Going into Thursday's game, two-time Stanley Cup winner Corey Crawford was 5-0-1 with a 1.74 goals against average and .948 save percentage in his past six starts. And 20-year-old rising star Carter Hart had a .961 save percentage in his past two starts. Both of them picked up where they left off.

Crawford turned aside 25 of 27 shots for a save percentage of .926. Hart one-upped him, denying 40 of 41 shots for a save percentage of .976. It was the first time since Nov. 16 that the Blackhawks were held to only one goal, a span of 52 games.

"They locked it down pretty good," Dylan Strome said. "I think we had a decent amount of shots, but not a lot from the slot, but their goalie played good and made some big saves and we couldn’t capitalize. We hit a post. Hit a couple posts. Had some good chances. But unfortunately that didn’t go our way tonight.”

3. Breakout season for No. 56 continues

When Erik Gustafsson signed a two-year extension last March with the Blackhawks worth $1.2 million per year, it didn't sit well with some fans who believed he hadn't done enough to earn that just yet. But looking back on it, it's turned out to be one of the best bargains on the Blackhawks.

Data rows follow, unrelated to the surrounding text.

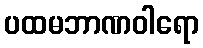
ပထမဘာဏဝါရော
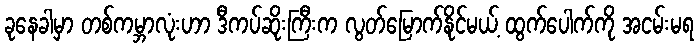
ခုနေခါမှာ တစ်ကမ္ဘာလုံးဟာ ဒီကပ်ဆိုးကြီးက လွတ်မြောက်နိုင်မယ့် ထွက်ပေါက်ကို အငမ်းမရ
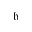
\mathfrak { h }
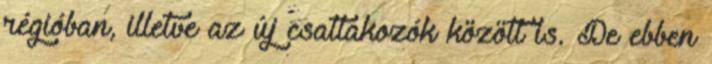
régióban, illetve az új csatlakozók között is. De ebben
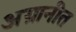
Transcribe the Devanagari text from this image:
अग्रानीत
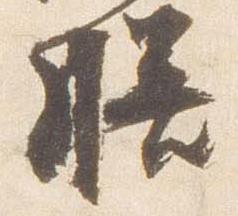
膳
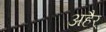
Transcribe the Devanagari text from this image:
अहैर्
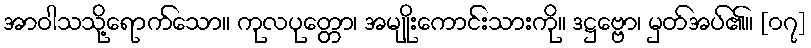
အာဝါသသို့ရောက်သော။ ကုလပုတ္တော၊ အမျိုးကောင်းသားကို။ ဒဋ္ဌဗ္ဗော၊ မှတ်အပ်၏။ [၀၇]
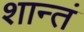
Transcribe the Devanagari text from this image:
शान्तं
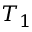
T _ { 1 }
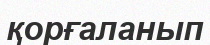
қорғаланып

After scoring his 15th goal of the season, Gustafsson became the first Blackhawks defenseman to hit that mark since Dustin Byfuglien scored 17 goals during the 2009-10 campaign. And that was a season in which Byfuglien alternated as a defenseman and forward. It's been an impressive year for Gustafsson, and there are still nine games left to add to that total.

4. Controlling your own destiny

Western Conference bubble teams were licking their chops once again on Thursday night. After the Coyotes lost for the third straight time, it opened the door for the Blackhawks to ultimately control their own destiny. And they do.

A victory would've pulled the Blackhawks within two points of the final wildcard spot with a game in hand. This going into a weekend in which the Blackhawks will have a home-and-home against Colorado before heading to Arizona, which makes the upcoming three-game slate even more important.

The playoff race is really just beginning. Every team in the NHL is now in the single digits in the games remaining department. It's now or never.

"We're right in there," coach Jeremy Colliton said. "That's kind of how it is. People think we're out and we find a way to climb back in. That's good. That's good that we've showed that resilience for sure. We'd like to take that next step."